Sunday, November 16, 2008

Pasture Rose

What’s blooming: Freeze dried purple aster by front gate; many trees still hold dead leaves; one family has bagged their dead debris while their neighbors were burning yesterday.
What’s still green: Juniper, arborvitae and other conifers, roses, yucca, prickly pear, honeysuckle, red hot poker, vinca, rock rose, hartweig, yellow evening primrose, blue flax, sea pink, winecup, pinks, soapworts, bouncing Bess, beardtongues, snapdragon, Jupiter’s beard, snakeweed, senecio, yarrow, Mount Atlas daisy, Mexican hat, chocolate flower, June and other grasses, alfalfa; only protected leaves survive on sweet pea, hollyhock, catmint, chrysanthemum and purple coneflower
What’s gray, blue or gray-green: Piñon, winterfat, saltbush, buddleia, loco, snow-in-summer, yellow alyssum, chamisa, Silver King artemisia.
What’s red or orange: Pasture rose, spirea, raspberry, cholla, privet, coral bells, white beardtongue, pink evening primrose.
What’s turning yellow: Cottonwood, willow, globe willow, Apache plume, iris, Saint John’s wort, golden spur columbine.
What’s blooming inside: Aptenia, rochea, bougainvillea; Christmas cactus leaves turning red.
Animal sightings: Brown bird with dark head in cherry; horses brought in to browse mown alfalfa field down the road.
Weather: Rain Monday with heavy frost on windshield subsequent mornings when temperatures fell to high 20's after dawn; 9:13 hours of daylight today.
Weekly update: A run of mornings with consistently cool temperatures this year has given the valley something rare: fall color.

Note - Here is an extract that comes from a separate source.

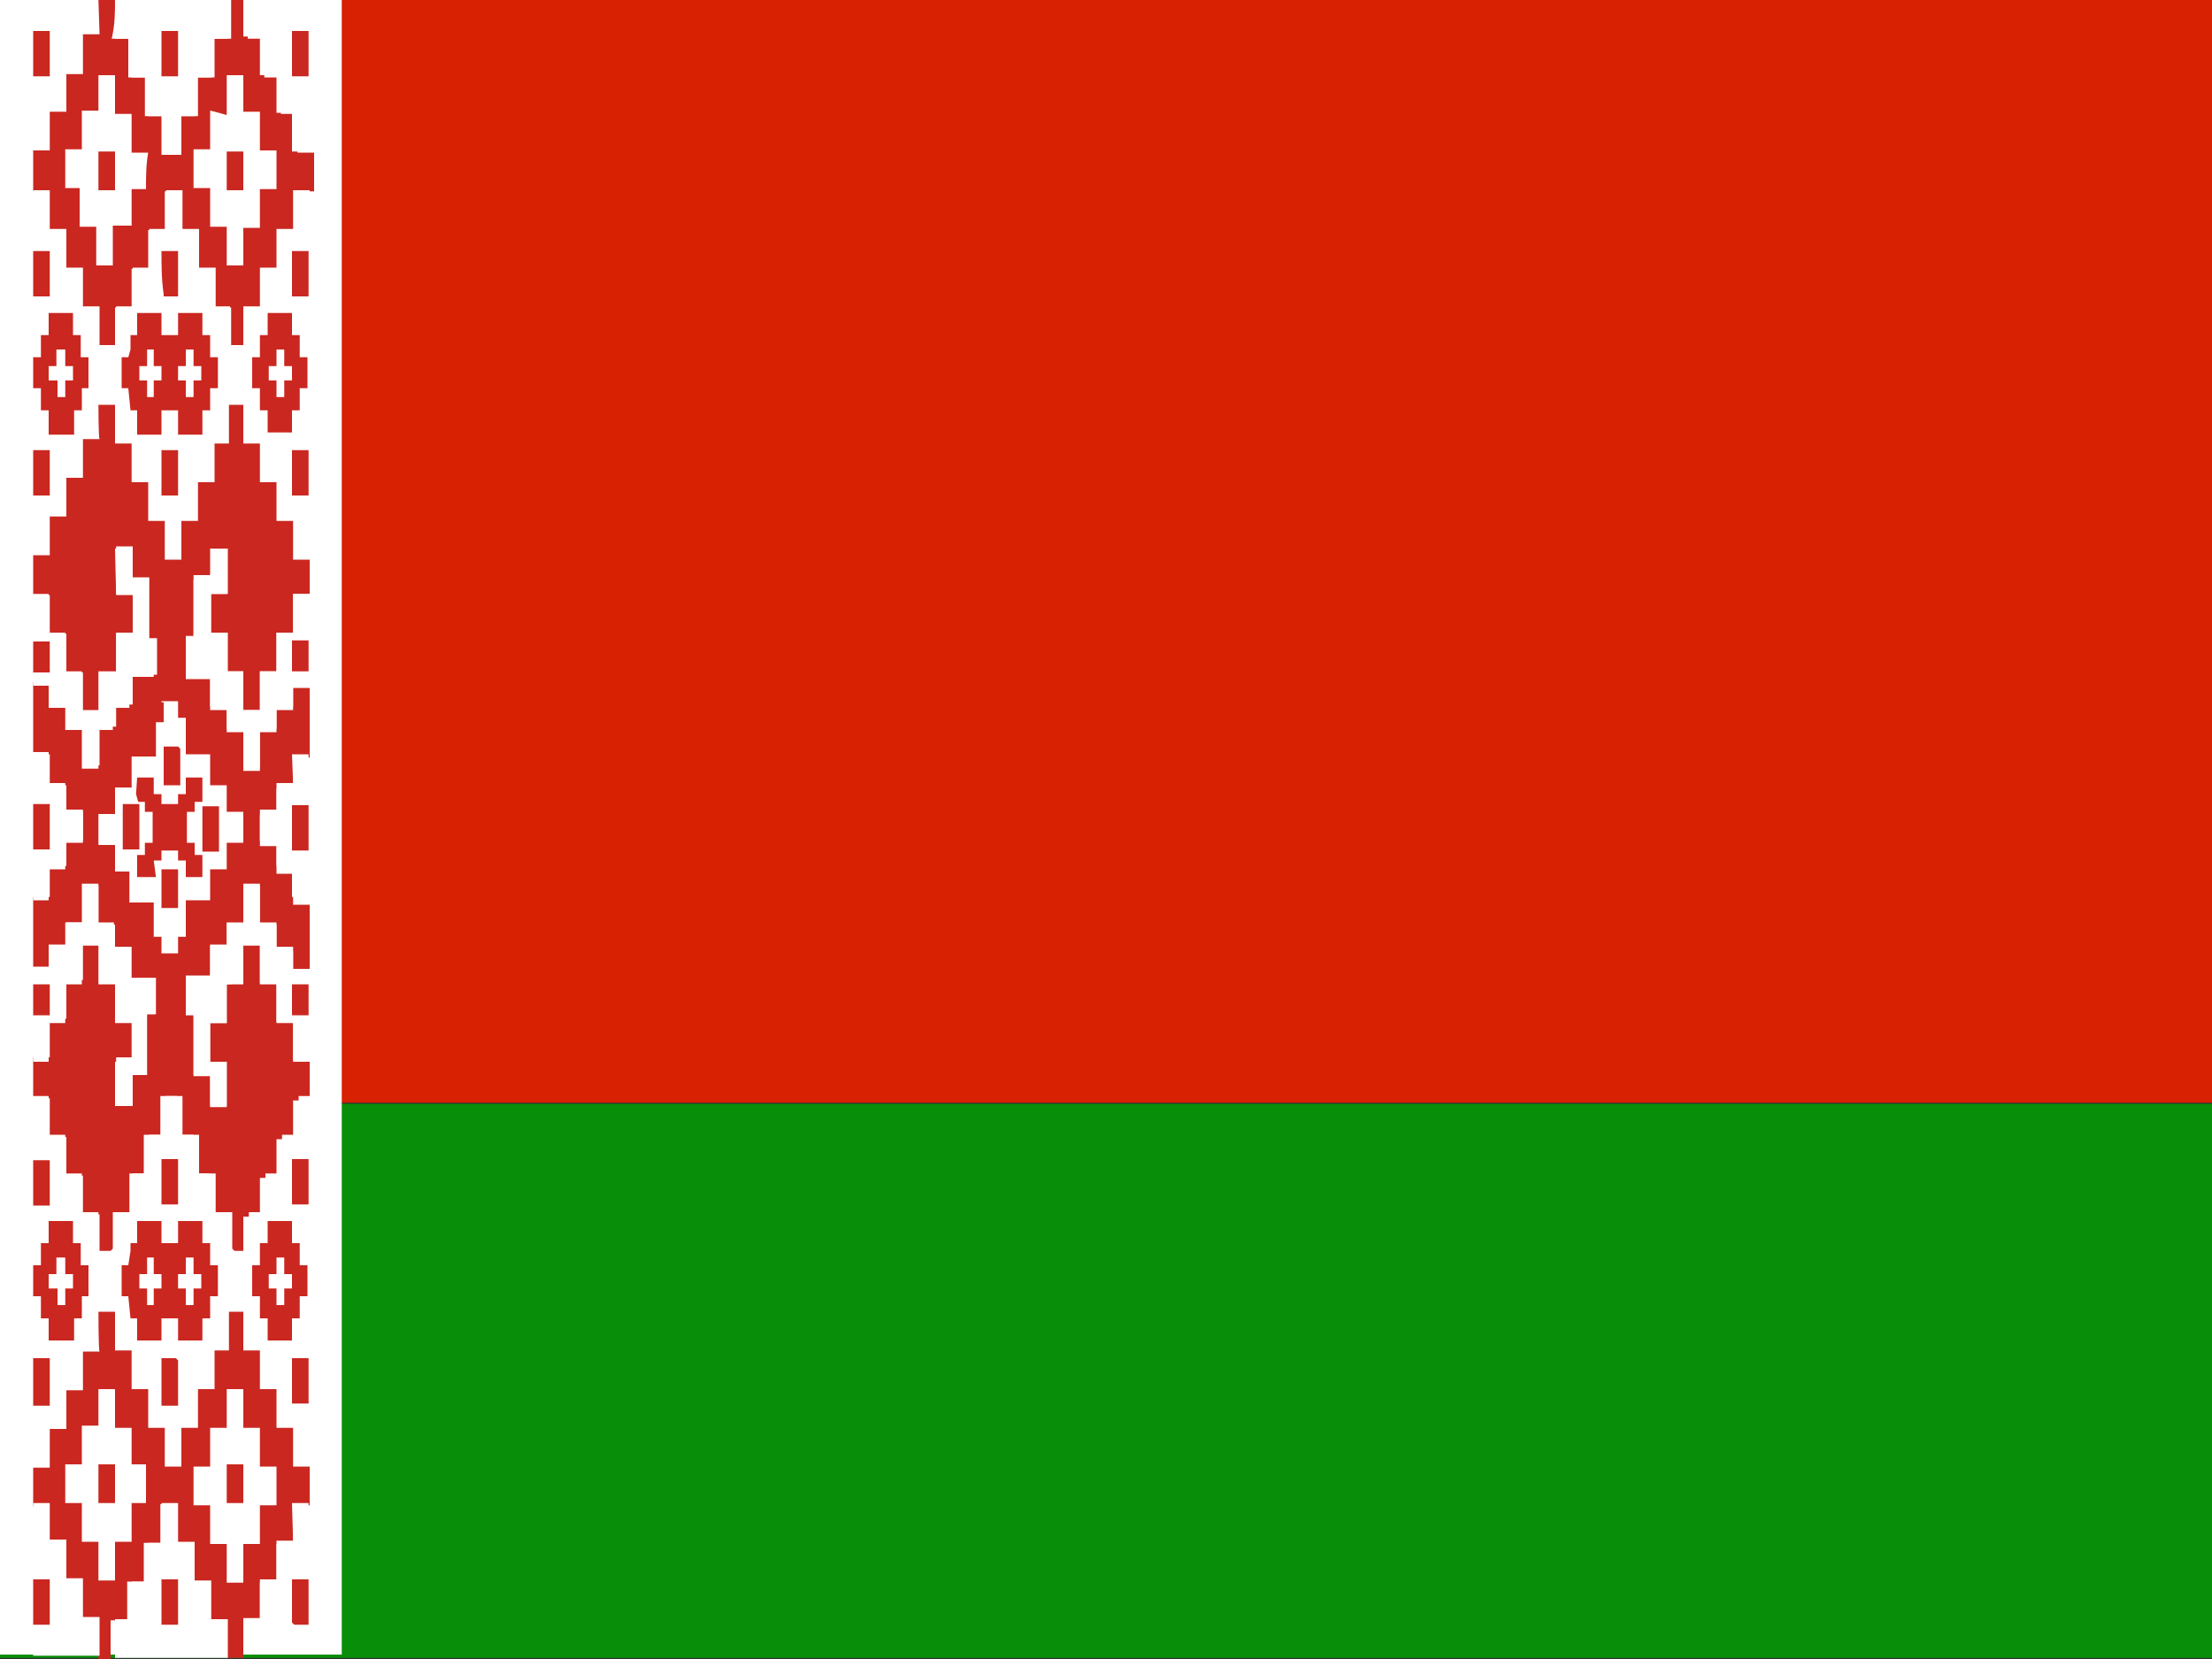 <svg xmlns="http://www.w3.org/2000/svg" xmlns:xlink="http://www.w3.org/1999/xlink" id="&#x56FE;&#x5C42;_1" x="0px" y="0px" viewBox="0 0 200 150" style="enable-background:new 0 0 200 150;" xml:space="preserve"><rect x="0" y="0" width="200" height="150" fill="#333333" stroke="none"/><style type="text/css">	.st0{fill:#098E09;}	.st1{fill:#D82003;}	.st2{fill:#FFFFFF;}	.st3{fill:#CA2720;}</style><path class="st0" d="M0,99.8h200v50.1H0V99.8z"></path><path class="st1" d="M0-0.2h200v99.9H0V-0.2z"></path><g>	<path class="st2" d="M0,0h30.9v149.6H0V0z"></path>	<path class="st2" d="M3,0h5.9v3.5H7.4V7H5.9v3.5H4.4v3.5H3V6.8h1.5V2.8H3V0z"></path>	<path class="st3" d="M8.9,0h1.5v3.5h1.5V7h1.5v3.5h1.5v3.5h1.5v-3.5h1.5V7h1.5V3.5h1.5V0h1.5v3.5h1.5V7h1.5v3.3h1.5v3.5h1.5v3.5  h-1.5v3.5h-1.5v3.5h-1.5v3.5h-1.5v3.5h-1.5v-3.5h-1.5v-3.5h-1.5v-3.5h-1.5v-3.5h-1.5v3.5h-1.5v3.5h-1.5v3.5h-1.5v3.5H8.9v-3.5H7.4  v-3.5H5.9v-3.5H4.4v-3.5H3v-3.7h1.5v-3.5h1.5V6.7h1.5V3.1h1.5L8.9,0z"></path>	<path class="st2" d="M10.4,0h10.2v3.5h-1.5V7h-1.5v3.5h-1.5v3.5h-1.5v-3.5h-1.5V7h-1.5V3.5h-1.5C10.4,2.2,10.4,1.1,10.4,0L10.4,0z   M22,0h5.9v2.8h-1.5v4.1h1.5v6.8h-1.5v-3.5H25V6.8h-1.5V3.3H22L22,0L22,0z"></path>	<path class="st3" d="M3,2.8h1.5v4.1H3V2.8z M14.6,2.8h1.5v4.1h-1.5V2.8z M26.4,2.8h1.5v4.1h-1.5V2.8z"></path>	<path class="st2" d="M8.9,6.8h1.5v3.5h1.5v3.5h1.5c-0.2,1.1-0.2,2.2-0.2,3.3h-1.3v3.3h-1.7V24H8.7v-3.5H7.2V17H5.9v-3.5h1.5V10h1.5  C8.9,10,8.9,6.8,8.9,6.8z M20.5,10.4V6.8H22v3.3h1.5v3.5H25v3.5h-1.5v3.5H22V24h-1.5v-3.5h-1.5V17h-1.5v-3.5h1.5V10  C19.1,10,20.5,10.4,20.5,10.4z"></path>	<path class="st3" d="M8.9,13.7h1.5v3.5H8.9V13.7z M20.5,17v-3.3H22v3.5h-1.5L20.5,17L20.5,17z"></path>	<path class="st2" d="M3,17.2h1.5v3.5h1.5v3.5h1.5v3.5h1.5v3.5h1.5v-3.5h1.5v-3.5h1.5v-3.5h1.5v-3.5h1.5v3.5h1.5v3.5h1.5v3.5h1.3  v3.5H22v-3.5h1.5v-3.5H25v-3.5h1.5v-3.5h1.5v5.5h-1.5v4.1h1.5v5.5h-0.7v-2h-0.7v-2h-2.2v2h-0.7v2h-0.7v2.8h0.7v2h0.7v2h2.2v-2h0.7  v-2h0.7v5.5h-1.5v4.1h1.5v5.5h-1.5v-3.5H25v-3.5h-1.5v-3.5H22v-3.5h-1.5v3.5h-1.5v3.5h-1.5v3.5h-1.5v3.5h-1.5v-3.5h-1.5v-3.5h-1.3  v-3.5h-1.5v-3.5H8.9v3.5H7.4v3.5H5.9v3.5H4.4v3.5H3v-5.5h1.5v-4.1H3v-5.5h0.7v2h0.7v2h2.2v-2h0.7v-2h0.7v-2.8H7.4v-2H6.7v-2H4.4v2  H3.7v2H3v-5.5h1.5v-4.1H3V17.2z"></path>	<path class="st3" d="M3,22.7h1.5v4.1H3V22.7z M14.6,22.7h1.5v4.1h-1.3v-0.2C14.6,25.3,14.6,24,14.6,22.7z M26.4,22.7h1.5v4.1h-1.5  V22.7z M24.2,28.3h2.2v2h0.7v2h0.7v2.8h-0.7v2h-0.7v2h-2.2v-2h-0.7v-2h-0.7v-2.8h0.7v-2h0.7V28.3z M4.4,28.3h2.2v2h0.7v2h0.7v2.8  H7.4v2H6.7v2.2H4.4v-2.2H3.7v-2H3v-2.8h0.7v-2h0.7C4.4,30.3,4.4,28.3,4.4,28.3z M12.4,30.3v-2h2.2v2h1.5v-2h2.2v2h0.7v2h0.7v2.8  h-0.7v2h-0.7v2.2h-2.2v-2.2h-1.5v2.2h-2.2v-2.2h-0.6l-0.2-2h-0.6v-2.8h0.6l0.2-0.7v-1.3L12.4,30.3L12.4,30.3z"></path>	<path class="st2" d="M5.2,31.6h0.7v1.5h0.7v1.3H5.9v1.5H5.2v-1.5H4.4v-1.3h0.7V31.6L5.2,31.6z M13.3,31.6h0.6v1.5h0.7v1.3h-0.7v1.5  h-0.6v-1.5h-0.7v-1.3h0.7V31.6L13.3,31.6z M16.8,31.6h0.7v1.5h0.7v1.3h-0.7v1.5h-0.7v-1.5h-0.7v-1.3h0.7V31.6L16.8,31.6z M25,31.6  h0.7v1.5h0.7v1.3h-0.7v1.5H25v-1.5h-0.7v-1.3H25V31.6L25,31.6z"></path>	<path class="st3" d="M8.9,36.6h1.5v3.5h1.5v3.5h1.5v3.5h1.5v3.5h1.5v-3.5h1.5v-3.5h1.5v-3.5h1.3v-3.5H22v3.5h1.5v3.5H25v3.5h1.5  v3.5h1.5v3.1h-1.5v3.5H25v3.5h-1.5v3.5H22v-3.5h-1.5v-3.5h-1.5v-3.5h1.5v-4.1h-1.5v2.8h-1.5v5.5h-0.7v3.5h2.2v2.8h1.5v2H22v3.5h1.5  v-3.5H25v-2h1.5v-2h1.5v6.3h-1.5v2.8H25v2.4h-1.5v2.8H25V79h1.5v2.8h1.5V88h-1.5v-2H25v-2.6h-1.5v-3.5H22v3.5h-1.5v2h-1.5v2.8h-2.2  v3.5h0.7v5.5h1.5v2.8h1.5V96h-1.5v-3.5h1.5V89H22v-3.5h1.5V89H25v3.5h1.5V96h1.5v3.5h-1.5v3.5H25v3.5h-1.5v3.5H22v3.5h-1.3  l-0.2-0.6v-3.3h-1.5v-3.5h-1.5v-3.5h-1.5v-3.5h-1.5v3.5h-1.5v3.5h-1.3v3.5h-1.5v3.3l-0.2,0.2H8.9v-3.5H7.4v-3.5H5.9v-3.5H4.4v-3.5  H3v-3.5h1.5v-3.5h1.5v-3.5h1.5v-3.5h1.5v3.5h1.5v3.5h1.5v3.5h-1.5v4.4h1.5v-2.8h1.3v-5.5h0.7v-3.3h-2.2v-2.8h-1.5v-2.2H8.9v-3.5  H7.4v3.5H5.9v2H4.4v2H3v-6.3h1.5v-2.8h1.5V76h1.5v-2.8H5.9v-2.4H4.4v-2.8H3v-6.3h1.5v2h1.5v2h1.5v3.5h1.5v-3.5h1.5v-2h1.5V61h2.2  v-3.3h-0.7v-5.5h-1.5v-2.8h-1.5v4.3h1.5v3.5h-1.5v3.5H8.9v3.5H7.4v-3.5H5.9v-3.5H4.4v-3.5H3v-3.5h1.5v-3.5h1.5v-3.5h1.5v-3.5h1.5  C8.9,39.6,8.9,36.6,8.9,36.6z M3,40.7h1.5v4.1H3C3,44.8,3,40.7,3,40.7z"></path>	<path class="st3" d="M14.6,40.7h1.5v4.1h-1.5V40.7z M26.4,44.8v-4.1h1.5v4.1H26.4z"></path>	<path class="st2" d="M10.4,49.6h1.5v2.8h1.3v5.5h0.7v3.3h-2.2V64h-1.5v2H8.9v3.5H7.4V66H5.9v-2H4.4v-2H3v-1.3h1.5v-2.8H3v-4.1h1.5  v3.5h1.5v3.5h1.5v3.5h1.5v-3.5h1.5v-3.5h1.5v-3.5h-1.5L10.4,49.6L10.4,49.6z M19.1,49.6h1.5v4.1h-1.5v3.5h1.5v3.5H22v3.5h1.5v-3.5  H25v-3.5h1.5v-3.5h1.5v4.1h-1.5v2.8h1.5v1.3h-1.5v2H25v2h-1.5v3.5H22v-3.5h-1.5v-2h-1.5V61h-2.2v-3.5h0.7V52h1.5  C19.1,52,19.1,49.6,19.1,49.6z"></path>	<path class="st3" d="M3,60.8L3,58l1.5,0l0,2.8L3,60.8L3,60.8z M26.4,57.9l1.5,0l0,2.8l-1.5,0L26.4,57.9z"></path>	<path class="st2" d="M14.6,63.4h1.5v1.5h0.7v3.3h2.2V71h1.5v2.4H22v2.8h-1.5v2.4h-1.5v2.8h-2.2v3.3h-0.7v1.5h-1.5v-1.5h-0.7v-3.1  h-2.2v-2.8h-1.3v-2.4H8.9v-2.8h1.5v-2.4h1.5v-2.8h2.2v-3.1h0.7v-1.8H14.6z"></path>	<path class="st3" d="M14.8,67.5h1.3l0.2,0.2V71h-1.5L14.8,67.5z"></path>	<path class="st2" d="M3,68.2h1.5V71h1.5v2.4h1.5v2.8H5.9v2.4H4.4v2.8H3v-4.4h1.5v-4.1H3V68.2z M26.4,68.2h1.5v4.4h-1.5v4.1h1.5v4.4  h-1.5v-2.8H25V76h-1.5v-2.8H25v-2.4h1.5L26.4,68.2L26.4,68.2z"></path>	<path class="st3" d="M12.4,70.3h1.5v1.5h0.7v0.9h1.5v-0.9h0.7v-1.5h1.5v2.2h-0.7v0.9h-0.7v2.8h0.7v1.1h0.7v2h-1.5v-1.5h-0.7v-0.9  h-1.5v0.9h-0.7l0.2,1.5h-1.7v-2h0.7v-1.1h0.7v-2.8h-0.7v-0.9h-0.6l-0.2-0.7L12.4,70.3L12.4,70.3z M3,72.7h1.5v4.1H3L3,72.7L3,72.7z  "></path>	<path class="st3" d="M11.1,72.7h1.5v4.1h-1.5V72.7L11.1,72.7z M18.3,72.9h1.5v4.1h-1.5V72.9z M26.4,76.9v-4.1h1.5v4.1H26.4  L26.4,76.9z M14.6,81.6v-3h1.5v3.5h-1.5V81.6z"></path>	<path class="st2" d="M7.4,80.1h1.5v3.5h1.5v2h1.5v2.8h2.2v3.3h-0.9v5.5h-1.3v2.8h-1.5V96h1.5v-3.5h-1.5V89H8.9v-3.5H7.4V89H5.9v3.5  H4.4V96H3v-4.1h1.5v-3H3v-1.3h1.5v-2h1.5v-2.2h1.5V80.1L7.4,80.1z M22,80.1h1.5v3.5H25v2h1.5v2h1.5V89h-1.5v2.8h1.5v4.1h-1.5v-3.5  H25v-3.5h-1.5v-3.5H22v3.5L20.5,89v3.5h-1.5V96h1.5v4.1h-1.5v-2.8h-1.5v-5.5h-0.7v-3.5h2.2v-2.8h1.5v-2H22C22,83.4,22,80.1,22,80.1  z"></path>	<path class="st3" d="M3,89h1.5v2.8H3V89z M26.4,89h1.5v2.8h-1.5V89z"></path>	<path class="st2" d="M3,99.3h1.5v3.5h1.5v3.5h1.5v3.5h1.5v3.5h1.3l0.2-0.4v-3.3h1.5v-3.5h1.5v-3.5h1.5v-3.5h1.5v3.5h1.5v3.5h1.5  v3.5h1.5v3.3l0.2,0.2h1.3v-3.5h1.5v-3.5h1.5v-3.5h1.5v-3.5h1.3v5.5h-1.5v4.1h1.5v5.5h-0.7v-2h-0.7v-2h-2.2v2h-0.7v2h-0.7v2.8h0.7v2  h0.7v2h2.2v-2h0.7v-2h0.7v5.5h-1.5v4.3h1.5v5.5h-1.5v-3.5H25v-3.5h-1.5v-3.5H22v-3.5l-1.5,0.2v3.5h-1.5v3.5h-1.5v3.5h-1.5v3.5h-1.5  v-3.5h-1.5v-3.5h-1.5v-3.5h-1.3v-3.5H8.9v3.5H7.4v3.5H5.9v3.5H4.4v3.5H3v-5.5h1.5V123H3v-5.5h0.7v2h0.7v2h2.2v-2h0.7v-2h0.7v-2.8  H7.4v-2H6.7v-2H4.4l-0.2,0.2v1.8H3.5v2H3v-5.5h1.5v-4.1H3V99.3L3,99.3z"></path>	<path class="st3" d="M3,104.9h1.5v4.1H3V104.9z M14.6,108.9v-4.1h1.5v4.1H14.6z M26.4,108.9v-4.1h1.5v4.1H26.4z M4.4,110.6v-0.2  h2.2v2h0.7v2h0.7v2.8H7.4v2H6.7v2H4.4v-2H3.7v-2H3v-2.8h0.7v-2h0.7C4.4,112.5,4.4,110.6,4.4,110.6z M12.4,110.4h2.2v2h1.5v-2h2.2v2  h0.7v2h0.7v2.8h-0.7v2h-0.7v2h-2.2v-2h-1.5v2h-2.2v-2h-0.6l-0.2-2h-0.6v-2.8h0.6l0.2-1.3v-0.7h0.6L12.4,110.4L12.4,110.4z   M24.2,110.4h2.2v2h0.7v2h0.7v2.8h-0.7v2h-0.7v2h-2.2v-2h-0.7v-2h-0.7v-2.8h0.7v-2h0.7V110.4z"></path>	<path class="st2" d="M5.2,113.7h0.7v1.5h0.7v1.3H5.9v1.5H5.2v-1.5H4.4v-1.3h0.7V113.7L5.2,113.7z M13.3,113.7h0.6v1.5h0.7v1.3h-0.7  v1.5h-0.6v-1.5h-0.7v-1.3h0.7V113.7L13.3,113.7z M16.8,115.2v-1.5h0.7v1.5h0.7v1.3h-0.7v1.5h-0.7v-1.5h-0.7v-1.3H16.8z M25,115.2  v-1.5h0.7v1.5h0.7v1.3h-0.7v1.5H25v-1.5h-0.7v-1.3H25z"></path>	<path class="st3" d="M8.9,118.6h1.5v3.5h1.5v3.5h1.5v3.5h1.5v3.5h1.5v-3.5h1.5v-3.5h1.5v-3.5h1.3v-3.5H22v3.5h1.5v3.5H25v3.5h1.5  v3.5h1.5v3.5h-1.5v3.5H25v3.5h-1.5v3.5H22v3.3h-1.5v-3.5h-1.5V143h-1.5v-3.5h-1.5v-3.5h-1.5v3.5h-1.5v3.5h-1.5v3.5h-1.5v3.5H8.9  v-3.5H7.4V143H5.9v-3.5H4.4v-3.3H3v-3.5h1.5v-3.5h1.5v-3.5h1.5v-3.5h1.5C8.9,122.1,8.9,118.6,8.9,118.6z M3,122.8h1.5v4.3H3  C3,127.1,3,122.8,3,122.8z"></path>	<path class="st3" d="M14.6,122.8h1.3l0.2,0.2v4.1h-1.5L14.6,122.8L14.6,122.8z M26.4,122.8h1.5v4.1h-1.5V122.8z"></path>	<path class="st2" d="M8.9,125.6h1.5v3.5h1.5v3.3h1.3v3.5h-1.3v3.5h-1.5v3.5H8.9v-3.5H7.4v-3.5H5.9v-3.5h1.5v-3.5h1.5L8.9,125.6  L8.9,125.6z M20.5,125.6H22v3.5h1.5v3.5H25v3.5h-1.5v3.5H22v3.5h-1.5v-3.5h-1.5v-3.5h-1.5v-3.5h1.5v-3.5h1.5  C20.5,129.1,20.5,125.6,20.5,125.6z"></path>	<path class="st3" d="M8.9,132.4h1.5v3.5H8.9V132.4z M20.5,132.4H22v3.5h-1.5L20.5,132.4L20.5,132.4z"></path>	<path class="st2" d="M3,135.9h1.5v3.3h1.5v3.5h1.5v3.5h1.5v3.5H3V147h1.5V143H3V135.9z M14.6,135.9h1.5v3.5h1.5v3.5h1.5v3.5h1.5  v3.5H10.4v-3.5h1.5V143h1.5v-3.5h1.5C14.6,138.2,14.6,137.1,14.6,135.9z M26.4,135.9h1.5v6.8h-1.5v3.9l0.2,0.2h1.3v2.8H22v-3.3h1.5  v-3.5H25v-3.5h1.5L26.4,135.9L26.4,135.9z"></path>	<path class="st3" d="M3,142.8h1.5v4.1H3V142.8z M14.6,142.8h1.5v4.1h-1.5V142.8z M26.4,142.8h1.5v4.1h-1.3l-0.2-0.2  C26.4,146.7,26.4,142.8,26.4,142.8z"></path></g></svg>

Not only have huge cottonwoods changed into golden domes, but tamarixes and other small-leaved plants have transmuted into orange-shaded lattices. The sand cherries turned their usual purple, but here and there some neighbors’ shrubs have been the brilliant red of maples.
In my yard, the pasture roses have been the most amazing because they not only turned red, but the leaves glowed when light filtered through them. The maroon raspberries at their feet were comparative dullards, opaque ground-hugging triangles of hairy corduroy.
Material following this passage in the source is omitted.